What you will do >> When you copy the data that follows, reproduce every word exactly and leave out the images.

Data to process >>
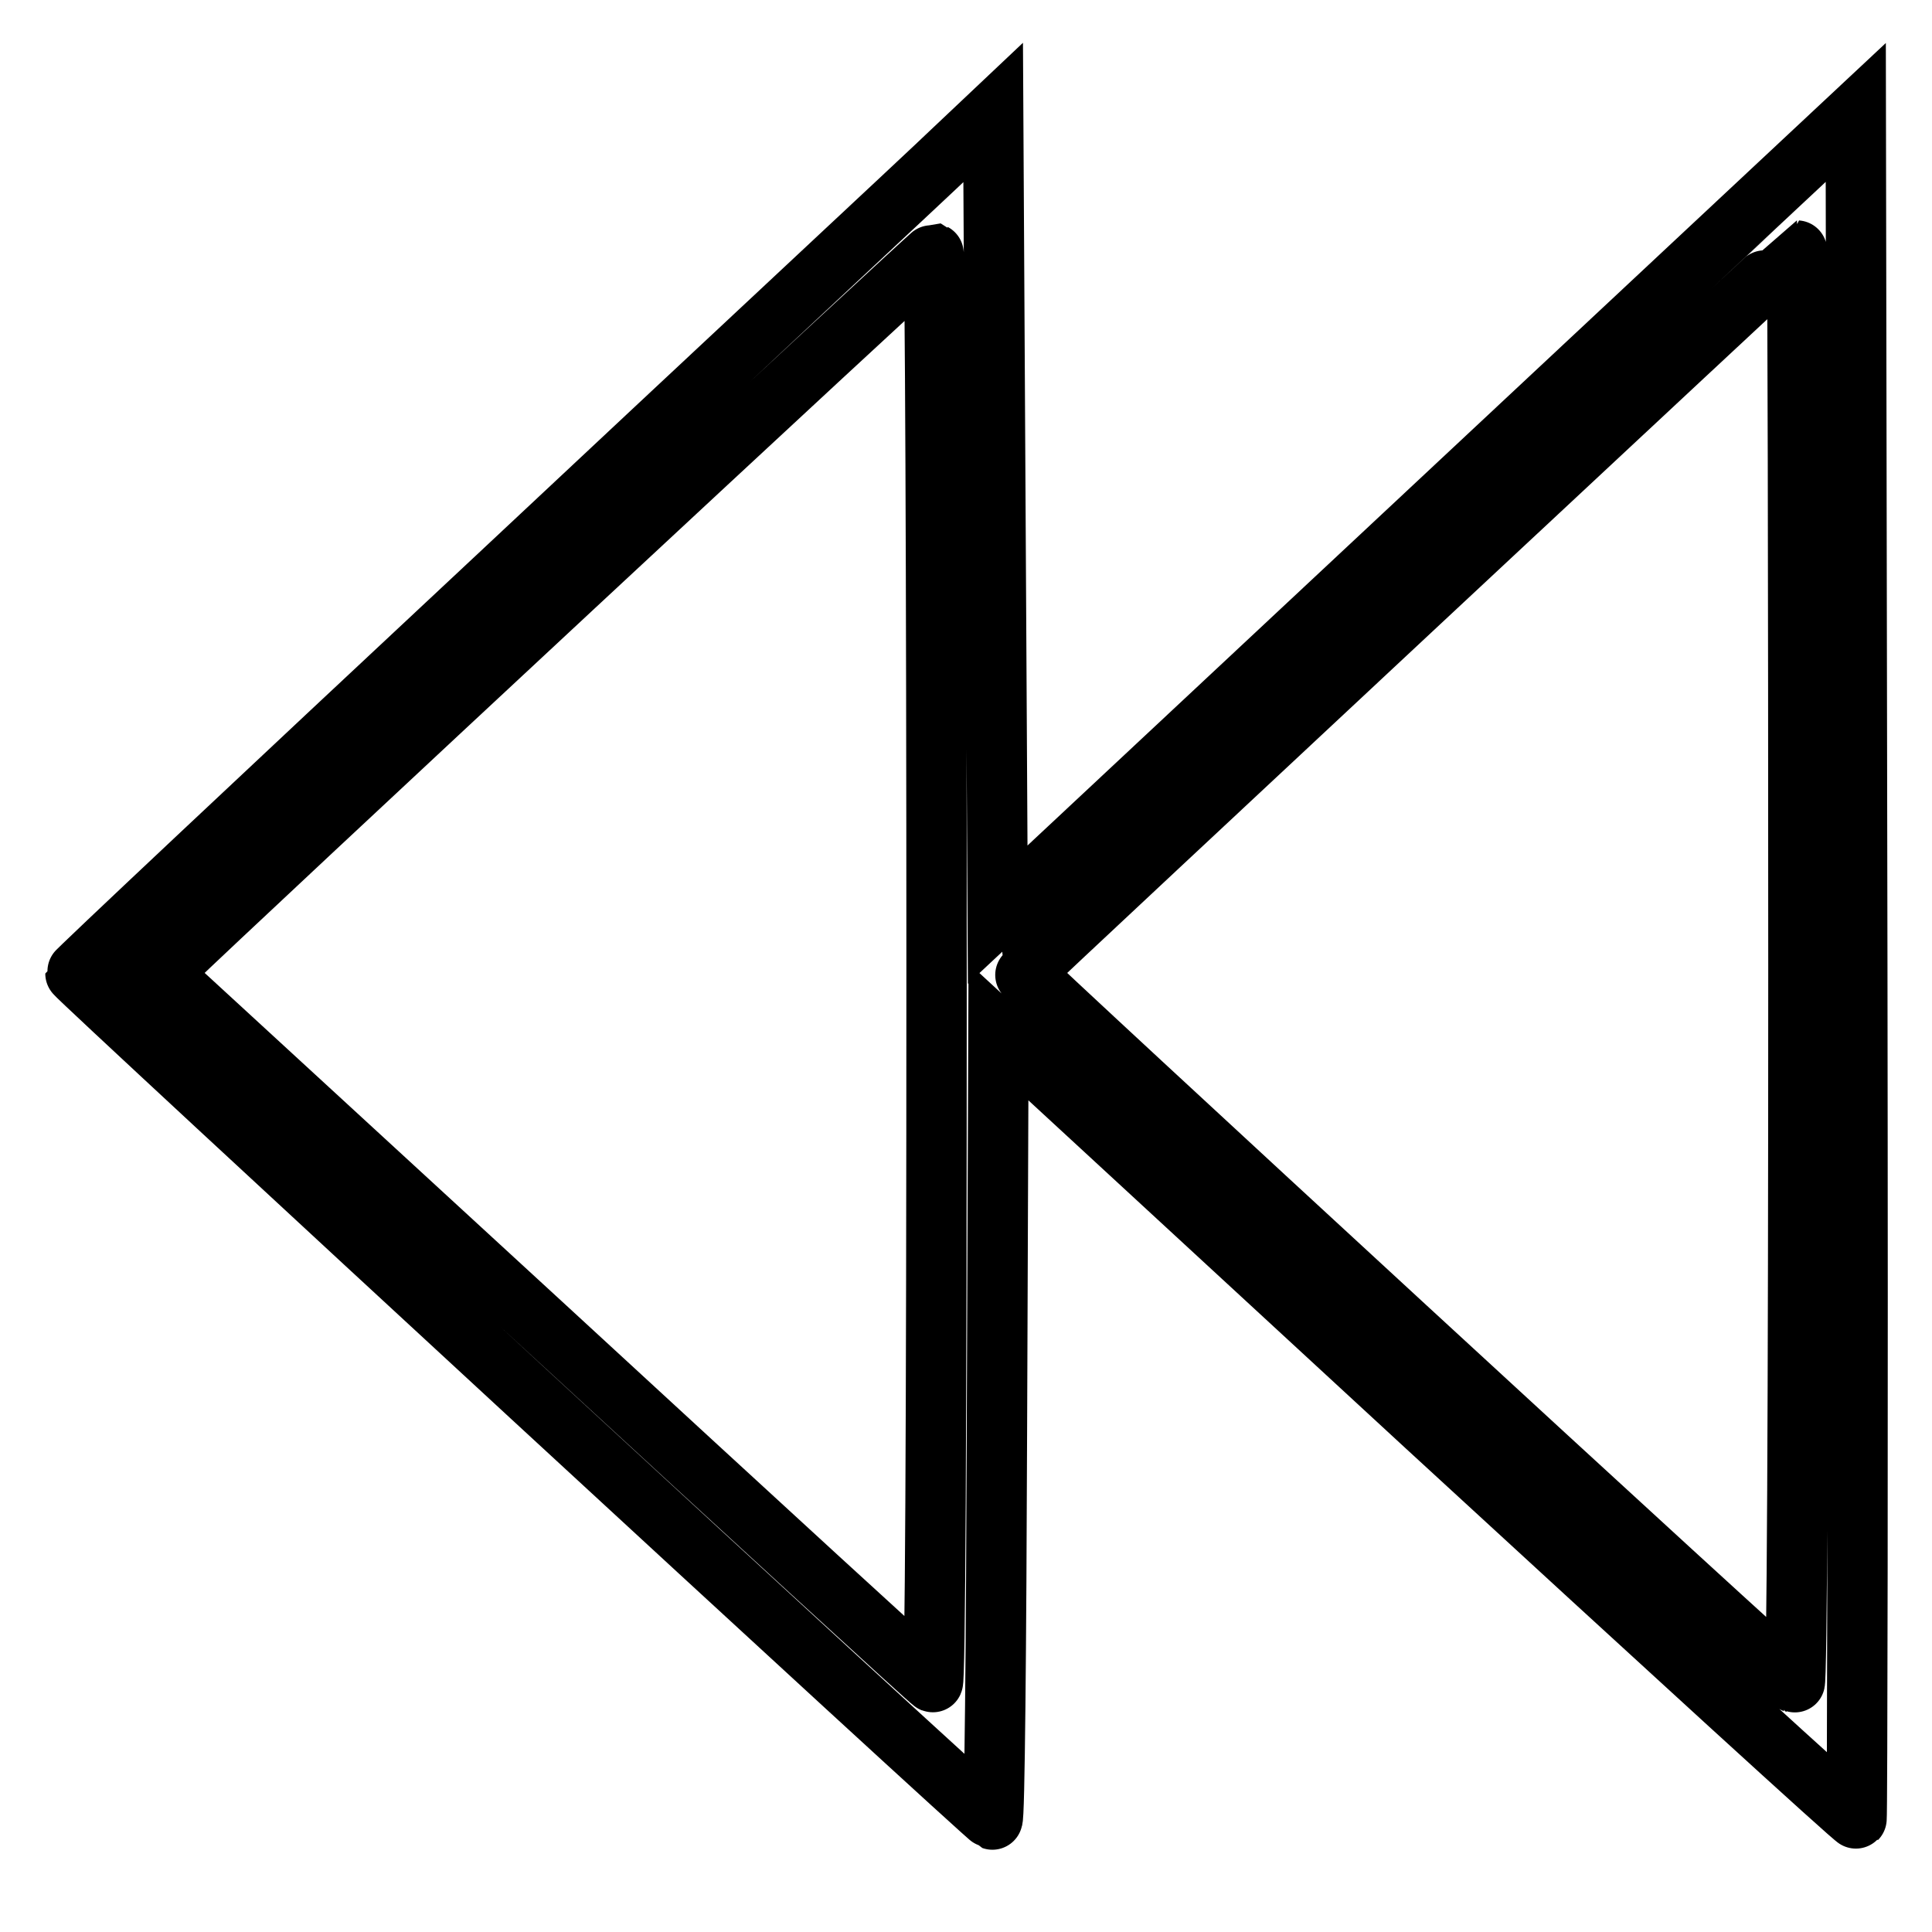 <?xml version="1.0" encoding="utf-8"?>
<!-- Svg Vector Icons : http://www.onlinewebfonts.com/icon -->
<!DOCTYPE svg PUBLIC "-//W3C//DTD SVG 1.1//EN" "http://www.w3.org/Graphics/SVG/1.1/DTD/svg11.dtd">
<svg version="1.1" xmlns="http://www.w3.org/2000/svg" xmlns:xlink="http://www.w3.org/1999/xlink" x="0px" y="0px" viewBox="0 0 256 256" enable-background="new 0 0 256 256" xml:space="preserve">
<g><g><g><path stroke-width="8" fill-opacity="0" stroke="#000000"  d="M126.2,20c-3,2.9-30.4,28.4-60.8,56.9C34.9,105.4,10,128.8,10,129c0,0.4,120.7,111.8,121.5,112.1c0.3,0.1,0.5-22.9,0.6-52.1l0.2-52.3l56.7,52.3c31.2,28.7,56.9,52.2,57,52c0.1-0.1,0.2-51,0.1-113.1l-0.2-113L189,68.1l-56.8,53.1L131.9,68l-0.3-53.1L126.2,20z M238.3,128.2c0,58.2-0.2,94.9-0.5,94.8c-0.7-0.2-102.4-93.9-102.2-94.1c3.6-3.5,102.4-95.7,102.5-95.7C238.2,33.2,238.3,75.9,238.3,128.2z M124.1,128.4c0,62.5-0.2,94.7-0.5,94.5c-0.3-0.1-23.4-21.3-51.4-47.1L21.3,129l1.2-1.2c8.1-7.9,100.9-94.2,101.2-94.2C123.9,33.7,124.1,76.3,124.1,128.4z"/></g></g></g>
</svg>

Output for this exercise >>
 <?xml version="1.0" encoding="utf-8"?>
<!-- Svg Vector Icons : http://www.onlinewebfonts.com/icon -->
<!DOCTYPE svg PUBLIC "-//W3C//DTD SVG 1.1//EN" "http://www.w3.org/Graphics/SVG/1.1/DTD/svg11.dtd">
<svg version="1.1" xmlns="http://www.w3.org/2000/svg" xmlns:xlink="http://www.w3.org/1999/xlink" x="0px" y="0px" viewBox="0 0 256 256" enable-background="new 0 0 256 256" xml:space="preserve">
<g><g><g><path stroke-width="8" fill-opacity="0" stroke="#000000"  d="M126.2,20c-3,2.9-30.4,28.4-60.8,56.9C34.9,105.4,10,128.8,10,129c0,0.4,120.7,111.8,121.5,112.1c0.3,0.1,0.5-22.9,0.6-52.1l0.2-52.3l56.7,52.3c31.2,28.7,56.9,52.2,57,52c0.1-0.1,0.2-51,0.1-113.1l-0.2-113L189,68.1l-56.8,53.1L131.9,68l-0.3-53.1L126.2,20z M238.3,128.2c0,58.2-0.2,94.9-0.5,94.8c-0.7-0.2-102.4-93.9-102.2-94.1c3.6-3.5,102.4-95.7,102.5-95.7C238.2,33.2,238.3,75.9,238.3,128.2z M124.1,128.4c0,62.5-0.2,94.7-0.5,94.5c-0.3-0.1-23.4-21.3-51.4-47.1L21.3,129l1.2-1.2c8.1-7.9,100.9-94.2,101.2-94.2C123.9,33.7,124.1,76.3,124.1,128.4z"/></g></g></g>
</svg>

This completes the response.